Growth of Caenorhabditis elegans in Defined Media Is Dependent on Presence of Particulate Matter

Abstract

Caenorhabditis elegans are typically cultured in a monoxenic medium consisting of live bacteria. However, this introduces a secondary organism to experiments, and restricts the manipulation of the nutritional environment. Due to the intricate link between genes and environment, greater control and understanding of nutritional factors are required to push the C. elegans field into new areas. For decades, attempts to develop a chemically defined, axenic medium as an alternative for culturing C. elegans have been made. However, the mechanism by which the filter feeder C. elegans obtains nutrients from these liquid media is not known. Using a fluorescence-activated cell sorting based approach, we demonstrate growth in all past axenic C. elegans media to be dependent on the presence of previously unknown particles. This particle requirement of C. elegans led to development of liposome-based, nanoparticle culturing that allows full control of nutrients delivered to C. elegans.

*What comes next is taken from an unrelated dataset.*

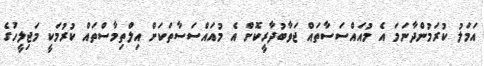
އަމަލު ކުރަމުންދާނަމަ އެ މުއައްސަސާތައް ޖަވާބުދާރީކޮށް އެ މުއައްސަސާތަކަށް އިލްތިމާސްތައް ކުރުމަކީ މަޖިލީހުގެ

Keywords: Caenorhabditis elegans; axenic media; feeding; liposomes; nutrition.

Figure 1

Effect of milk separation on growth rate: growth rate (length micrometer) of C. elegans measured at 24-hr intervals, while exposed to various dietary conditions. SD expressed as error bars. n = 25 per treatment group, growth in S– Medium containing OP50 E. coli (9 × 108 and 4.5 × 109 colonies per milliliter) included as positive control.

Figure 2

Effect of particulate matter on development: (A) Solubilization of particulate fraction in milk arrests C. Elegans growth. Growth rate (length micrometer) of C. elegans measured at 24 hr intervals, while exposed to CeHR media with added milk particulate matter that has either been solubilized with high concentration urea (8 M) and then diluted to 46 mM (solubilized media) or 46 mM urea added to CHR media + milk pellet, leaving milk pellet particles present (control media). SD expressed as error bars. n = 25 per treatment group. (B) Effect of filtration of AXM and CeMM media on C. elegans growth rate. Growth rate (length micrometer) of C. elegans measured at 24-hr intervals, while exposed to AXM media, CeMM media, AXM media filtered or CeMM filtered. SD expressed as error bars. n = 25 per treatment group, Growth in S– Medium containing OP50 E. coli (9 × 10⁸ and 4.5 × 10⁹ colonies per milliliter) included as positive controls in both figures.

Figure 3

FACS detection of particles in various media conditions. Distribution of different particle sizes. Purple, 1 μm; Green, 0.5 μm; Blue, 0.05 μm; Red, sample. (A) CeHR, (B) CeHR Filtered, (C) CeMM, (D) CeMM filtered, (E) CeMM Filtered and incubated at 20°, (F) = AXM, (G) AXM Filtered, (H) AXM Filtered and incubated at 20°. (I) Liposomes packed with CeHR. (J) Liposomes packed with M9.

Figure 4

Growth rate (length micrometer) of C. elegans measured at 24 hr while exposed to various media conditions. CeHR, AXM, and CeMM media were both filtered following the same protocol as used in Figure 1 and Figure 2B. However, each medium was then packed inside liposomes and suspended in M9 buffer. CeHR medium with milk and cholesterol removed were also packed within liposomes and suspended in M9 buffer. M9 Buffer or CeHR without liposomes were included as negative controls. n = 25 per treatment group, SD presented as error bars. Growth in S-medium containing OP50 E. coli (9 × 10⁸ and 4.5 × 10⁹ colonies per milliliter) in addition to CeHR prepared according to standard protocols included as positive controls.